У Бобы эта роль как говорят артисты, легла на  натуру, он как-то неожиданно проникновенно, может, и для себя самого тоже, произнес на репетиции ее текст, так что Аксеру очень понравилось. Я был на этих репетициях. Аксер с Бобой как актером был знаком по «Карьере Артуро Уи», Брехта, которую ставил лет за 30 до этого. Боба играл там крошечную проходную роль репортера. И, наверное, то, как сыграл Боба в «Нашем городке», было для Аксера неожиданностью… Но он назначил и актера на замену. С Бобой они играли в очередь.

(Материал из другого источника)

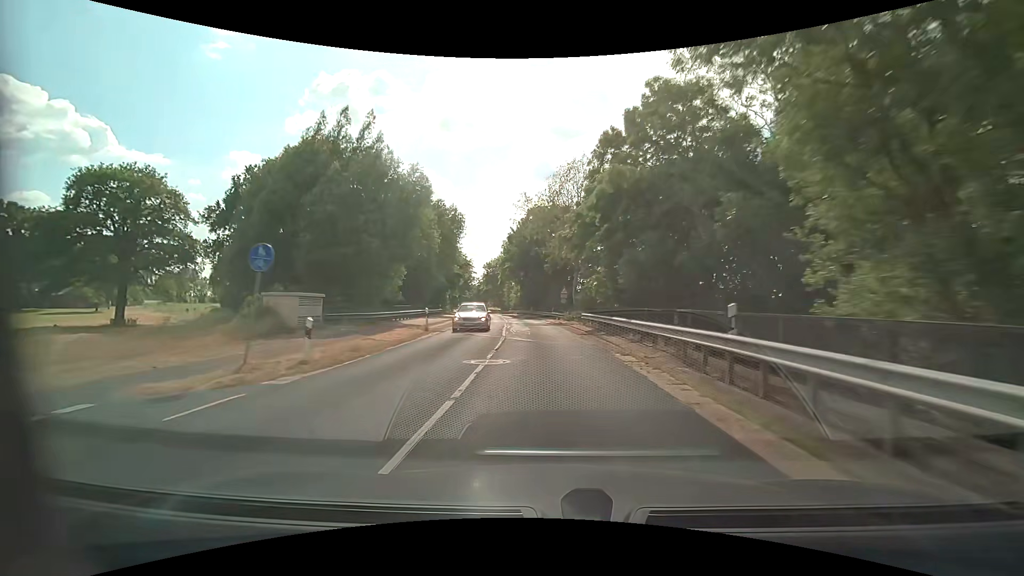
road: secondary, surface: asphalt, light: Day
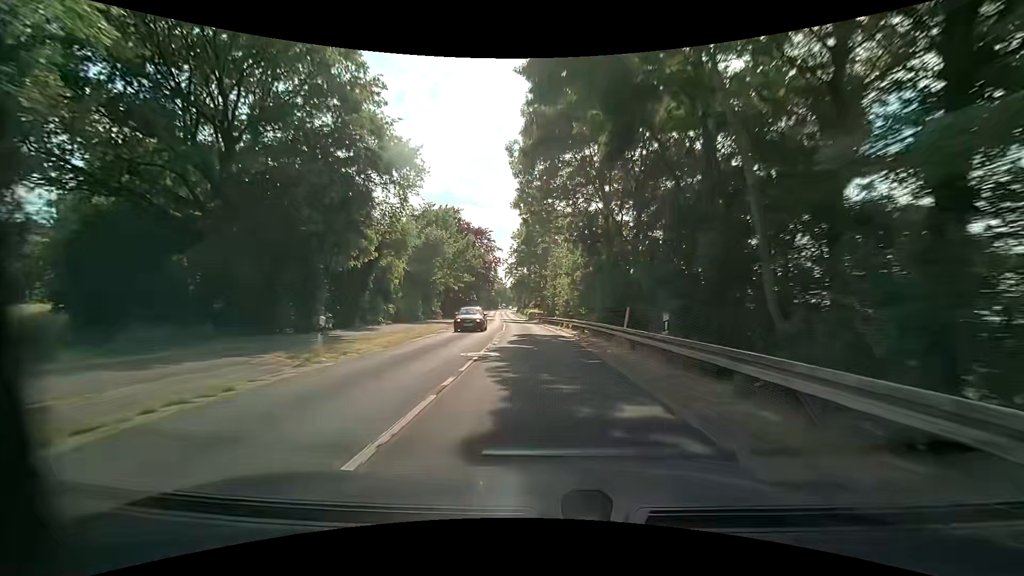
(-3.2, +59.1) m; -6°
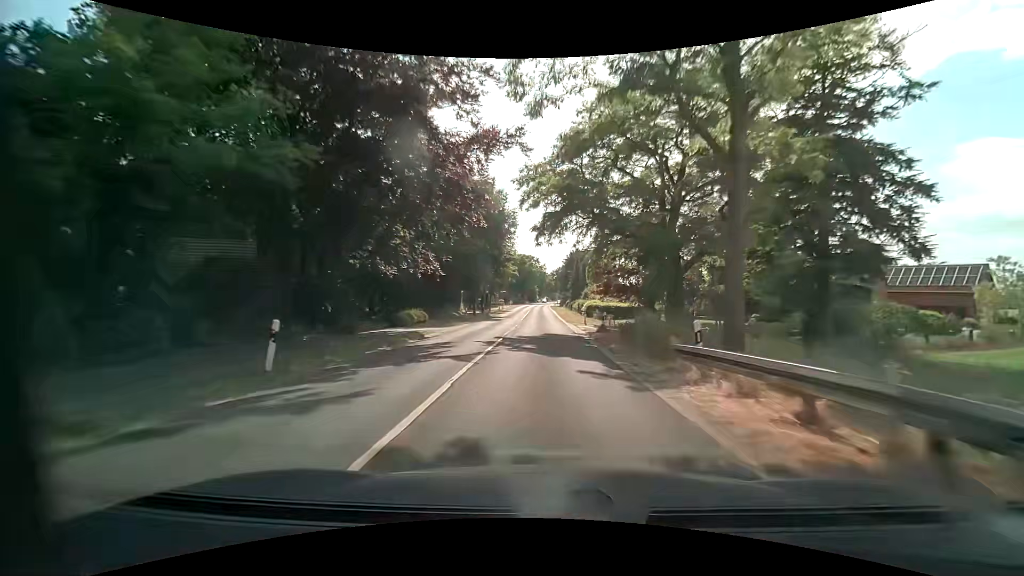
(-3.3, +59.3) m; -5°
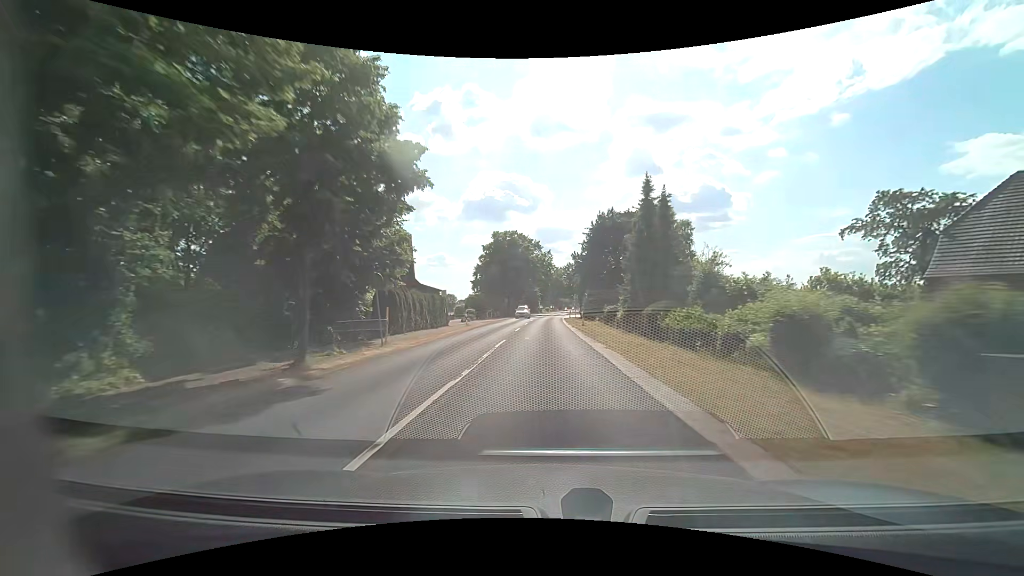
(-0.3, +59.2) m; -1°
(0, +10) (0, +20) (0, +30) (0, +40) (0, +50) (+1, +60) (+1, +70) (+2, +80) (+2, +90) (+3, +100) m

Аксер часто это делал – «когда актеру удается роль, он начинает бравировать этим и сам себе нравиться… это нельзя, это нельзя… надо это сбивать…» – говорил он. Это относилось, конечно, к артистам, которые мало играют и для которых удачная роль – подарок судьбы. Пан Эрвин был тонкий психолог… 

А Боба доказал, что природа не обошла его талантом. Как жаль, что развернулся он далеко от родных ему когда-то стен БДТ, что Товстоногов не оценил, не разглядел – или не хотел разглядеть – заложенное в Бобе природой. И Сергей Юрьевич вот бросает в фильме, что в театре Боба был «не замечаемым» артистом, что был он всегда на вторых, а то и третьих ролях… 

А я смотрел фильм, – а до того я видел еще другие фильмы о Бобе, уже американского периода, интервью с ним, уже престарелым, узнавал о его творческих успехах в американском кинематографе, о его наградах – и там, и здесь, во Владивостоке, на международном фестивале, за лучшую мужскую роль – и думал: ну вот если бы Товстоногов был жив, представляю его удивление, если не возмущение. Что ?! Фильм о Лескине?! Награда за лучшую роль Лескину?!. Вы с ума сошли!!. 

Что ж, и великие бывают несправедливы. И, бывает, ошибаются. А Боба был упорен, не унывал – позавидуешь. Помню, года три-четыре спустя, как Боба уехал, Михаил читал мне его письмо (а Боба регулярно писал из Америки письма и ему, и Юрскому, и некоторым своим друзьям), и как-то мы прочли, что Боба в каком-то фильме или ролике в «своей» Америке сыграл Ленина. Грустно было это читать, мы понимали, что карьеры Бобе в Америке не сделать, что если он не работает таксистом, то ему фортуна подфартила, вот хоть в роликах сниматься, и то прекрасно (Боба – Ленин! Насмешка судьбы). 

И кто мог подумать, что Боба не пропадет в том чужом ему поначалу, жестком мире, что достигнет того, чего не достиг на родине, и что о нем будут делать фильмы, а в некрологе напишут, что «ушел от нас любимый, известный, популярный артист театра и кино…» Не был он здесь ни известным, ни популярным, ни в кино, где в основном тоже играл в эпизодах, ни тем более в театре… Не был, но стал. На склоне лет. Не только великие бывают несправедливы, не только они ошибаются, и Природа бывает несправедлива. Но в конце концов – не ошибается.